28 de marzo de 2014

incondicionales




Negrito mío


Ellos no se enojan si no te levantás en mitad de la madrugada cuando te piden de comer...
Tampoco se ofenden si cuando estás apurado no les prestás atención cuando se cruzan entre tus piernas, haciéndote cariño...
Ni te recriminan si cuando se te suben al regazo para dormirse una siesta, buscando tu calor,  los bajás porque en ese momento "no te pueden llenar de pelos la ropa"...
Ellos esperan, siempre esperan... otro momento en el que estés menos ocupado, o más de "entrecasa", o ya te hayas despertado...y nunca recuerdan esas cosas, sólo recuerdan que estás ahí para darte su cariño y pedirte lo mínimo, su alimento, que no sólo es la comida y el agua, sino que su mayor alimento son tus caricias y tu dedicación...
Y cuando se van "al cielo",  te quedás pensando si les diste tanto como ellos a vos...
Ojalá.

Por qué será que uno los extraña tanto  y no deja de recordarlos...?
Por qué será que ahora no me importa mi alfombra arañada ni sus pelos en mi ropa,  ni que me despertara cada madrugada con sus maullidos para comer, con su inagotable hambre de gato gordo?

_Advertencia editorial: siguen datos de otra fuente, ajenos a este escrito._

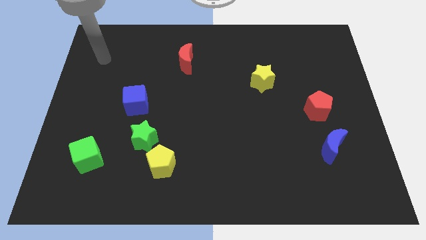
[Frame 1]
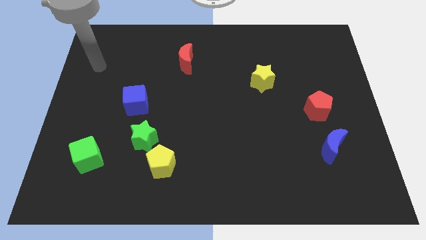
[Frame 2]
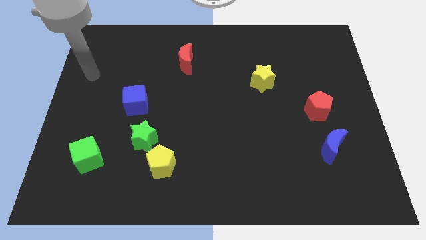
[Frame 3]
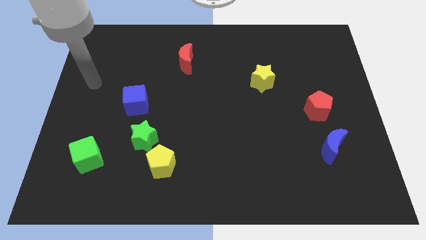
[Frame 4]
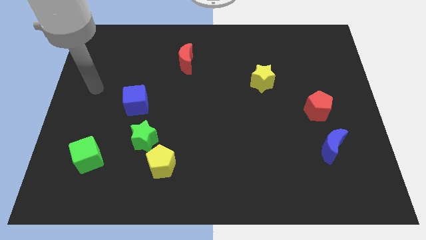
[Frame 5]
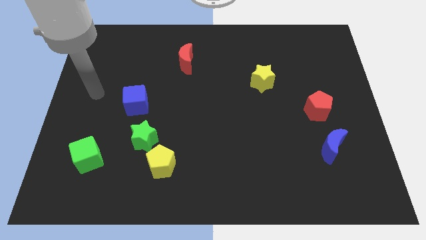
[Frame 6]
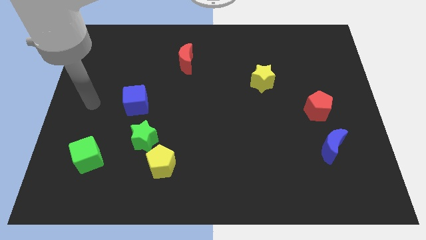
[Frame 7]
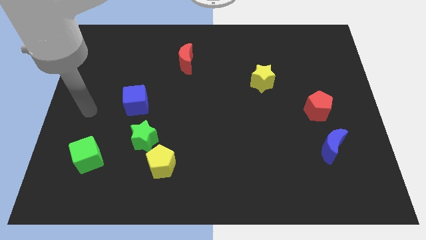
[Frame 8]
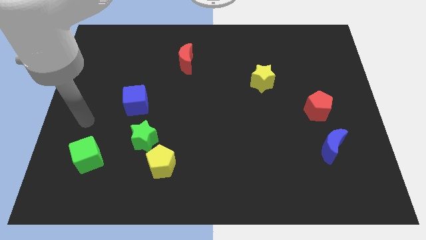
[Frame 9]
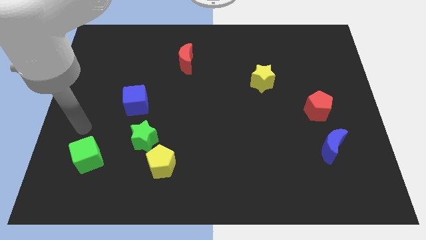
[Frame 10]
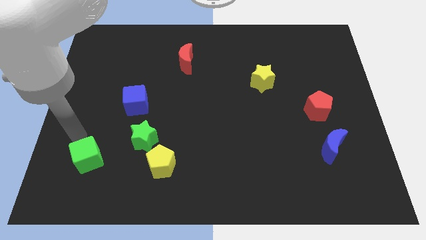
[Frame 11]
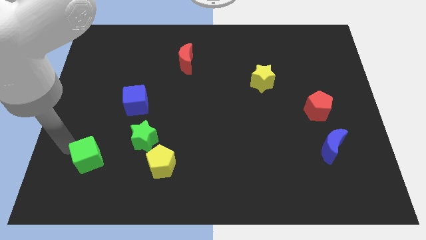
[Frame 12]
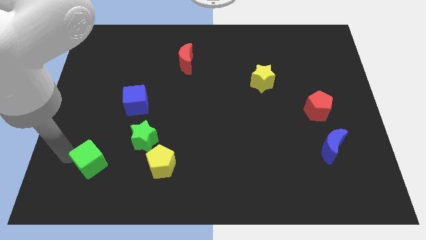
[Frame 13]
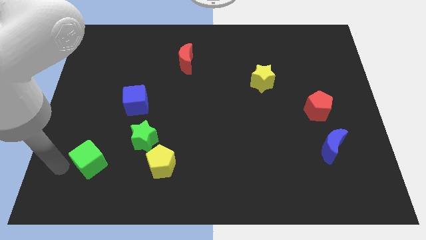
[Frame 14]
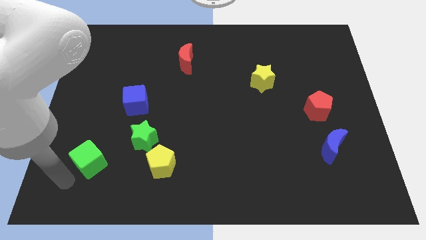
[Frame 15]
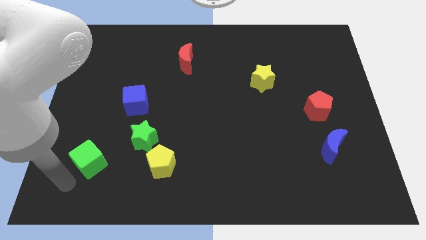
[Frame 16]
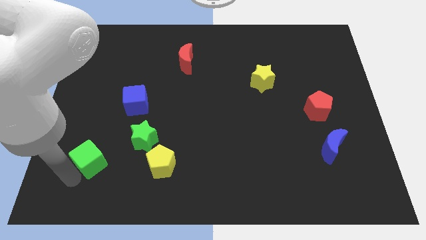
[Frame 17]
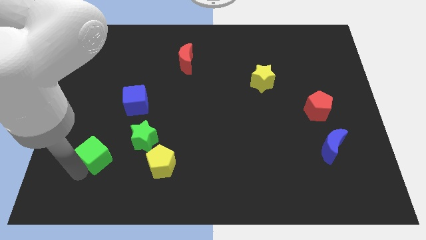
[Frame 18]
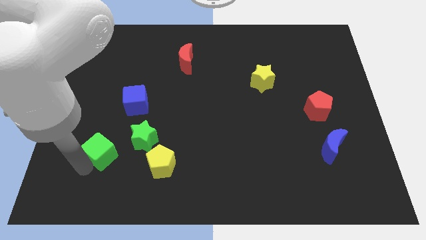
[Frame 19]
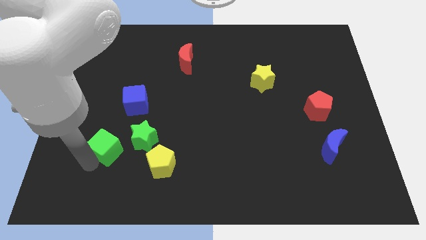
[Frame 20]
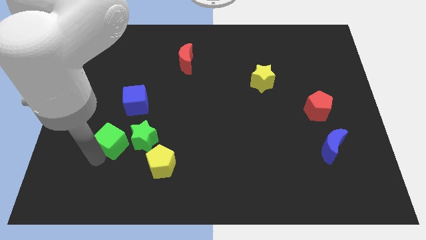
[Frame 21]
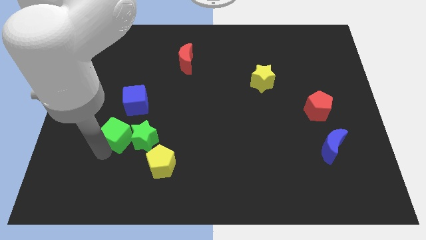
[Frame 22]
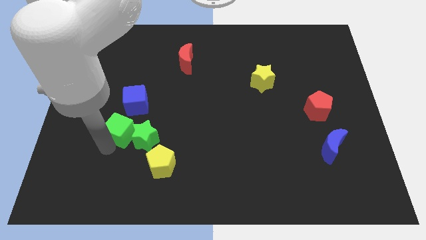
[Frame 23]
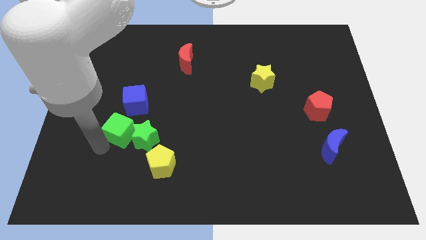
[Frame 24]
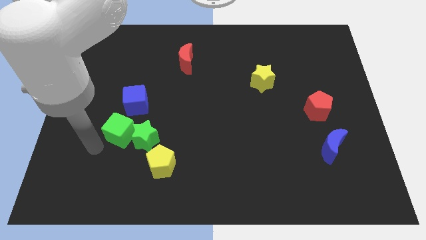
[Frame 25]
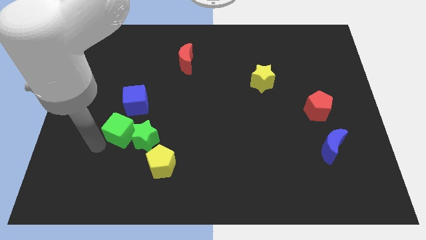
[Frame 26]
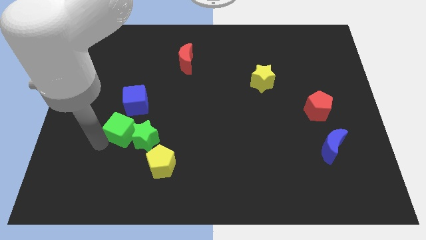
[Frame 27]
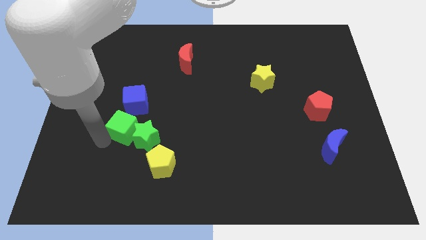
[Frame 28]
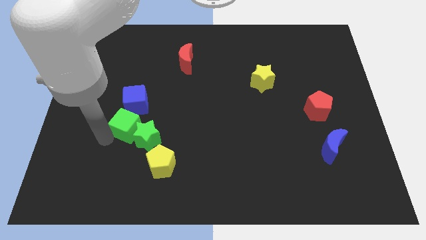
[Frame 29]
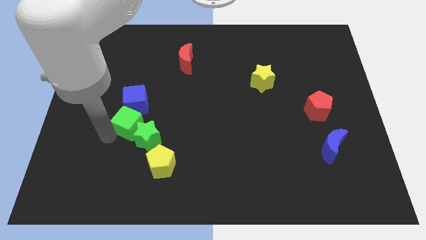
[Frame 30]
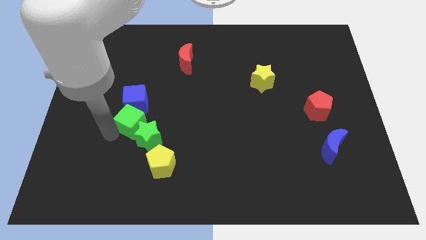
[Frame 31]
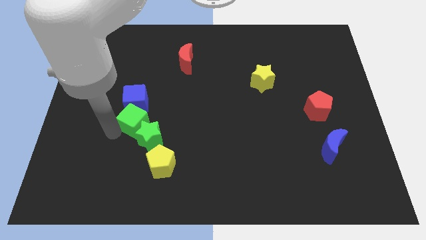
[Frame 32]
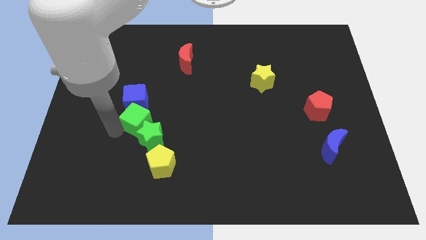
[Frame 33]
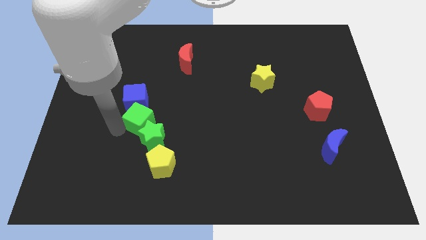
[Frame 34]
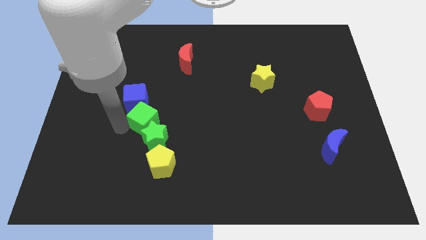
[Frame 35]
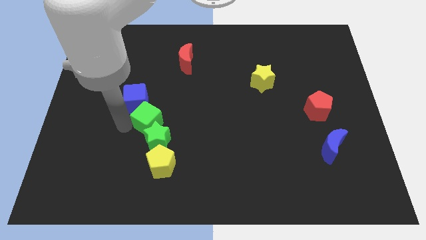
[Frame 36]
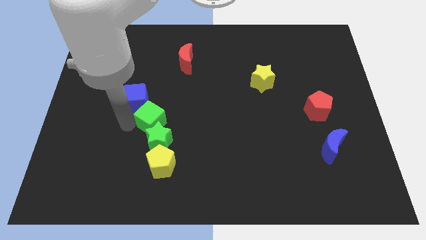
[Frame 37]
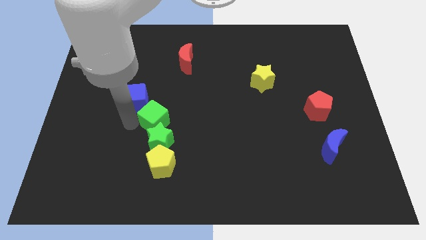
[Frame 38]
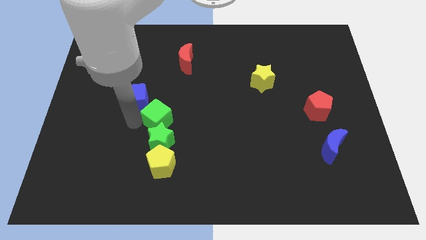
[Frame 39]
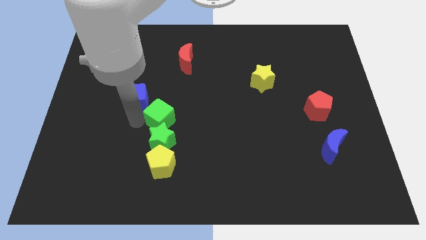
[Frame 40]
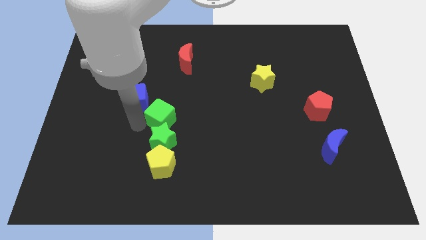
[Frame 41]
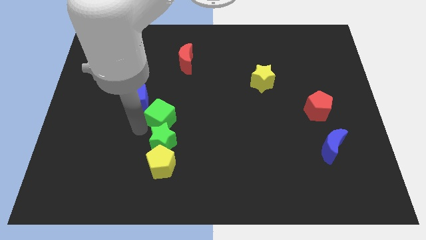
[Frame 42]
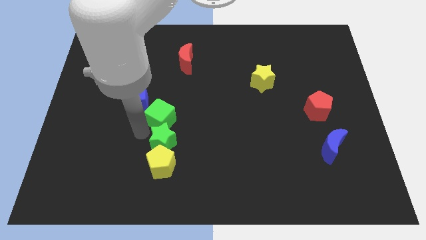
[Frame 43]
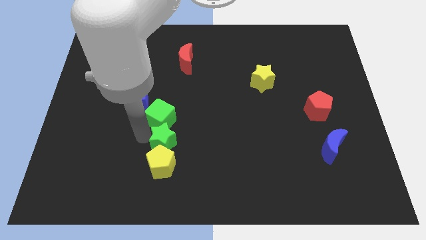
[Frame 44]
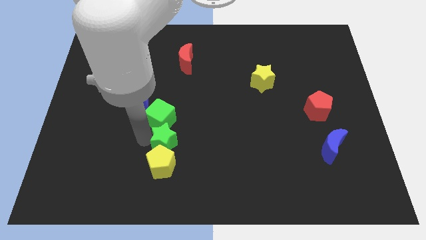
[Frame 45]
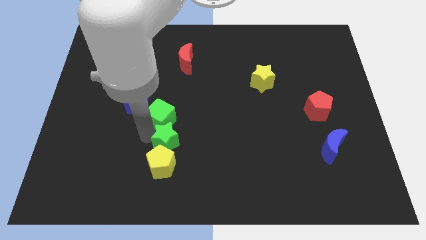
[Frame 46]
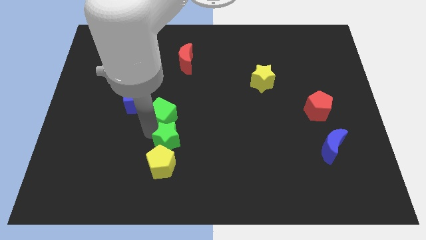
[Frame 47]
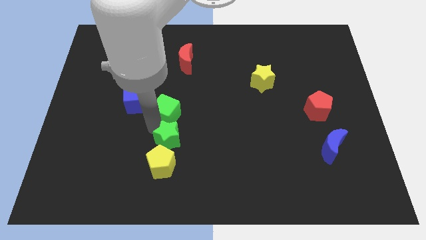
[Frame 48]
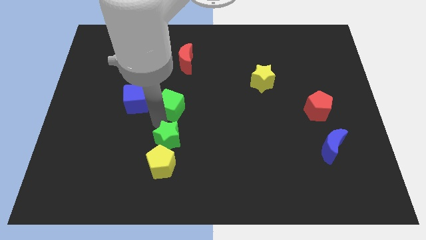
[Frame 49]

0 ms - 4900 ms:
slide the green cube diagonally up and right

Quizá sea porque  en ese momento en que se van, te das cuenta de lo que significa la palabra "incondicional", quizá porque son ellos, y sólo ellos, los animales, quienes con su mirada silenciosa te lo recuerdan cada día...

8 comentarios:

  1. Ellos son la presencia de lo sagrado en nuestras vidas. Una presencia entera, completa, sin componentes humanos antinutritivos (expectativas, juicios, especulaciones, etc.). La tristeza será mucha y profunda, indudablemente. Pero el corazón sabrá transitarla hasta componerlo gracias al legado del amor puro que este "pequeño" maestro supo brindarte/les. Para duelar te acompaña mi abrazo.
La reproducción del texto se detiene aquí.